**Problem**
Return the data verbatim, without pictures.

**Data segment**
Segment Open

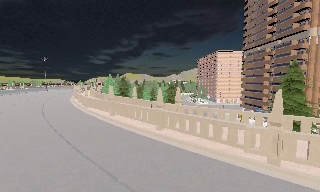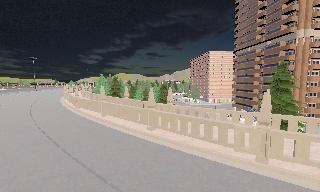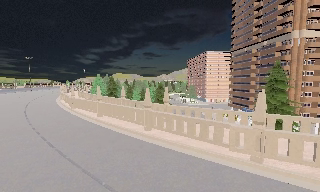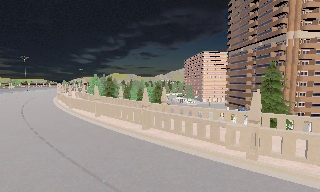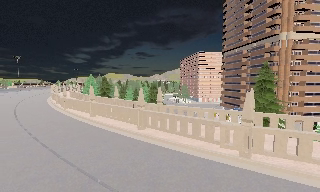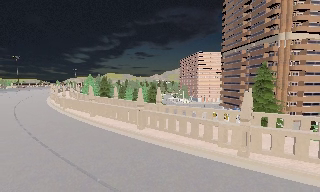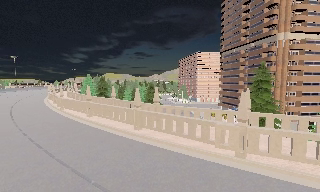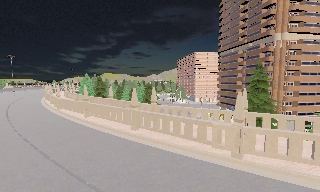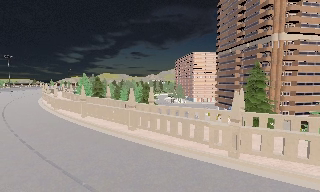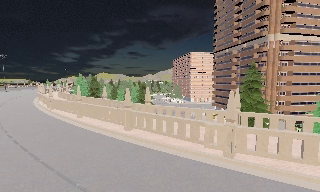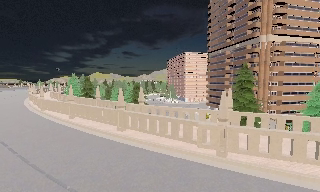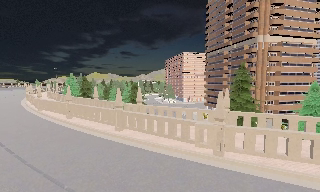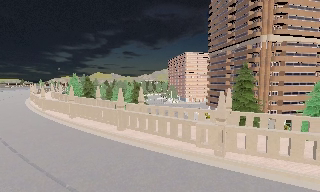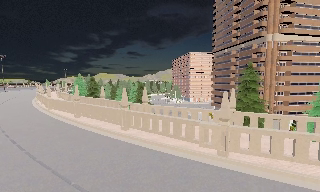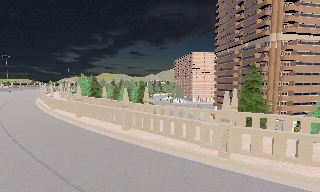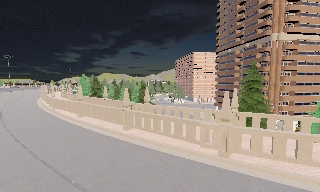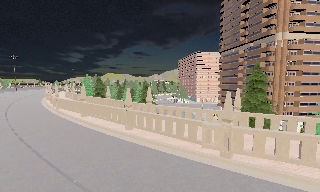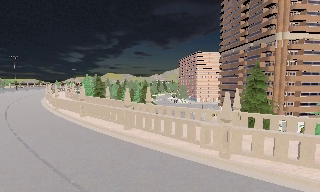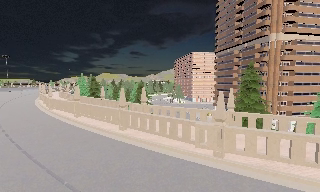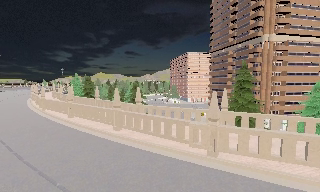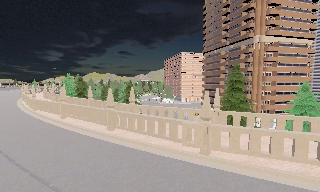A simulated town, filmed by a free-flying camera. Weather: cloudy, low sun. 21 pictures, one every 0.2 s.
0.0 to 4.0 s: The camera pans to its right, which is clockwise from overhead, by about 10 degrees. It travels to its right, about 1 m, so close, fixed things drift to the left.
The film runs backward here.

Segment Closed

**Output for this exercise**
A simulated town, filmed by a free-flying camera. Weather: cloudy, low sun. 21 pictures, one every 0.2 s.
0.0 to 4.0 s: The camera pans to its right, which is clockwise from overhead, by about 10 degrees. It travels to its right, about 1 m, so close, fixed things drift to the left.
The film runs backward here.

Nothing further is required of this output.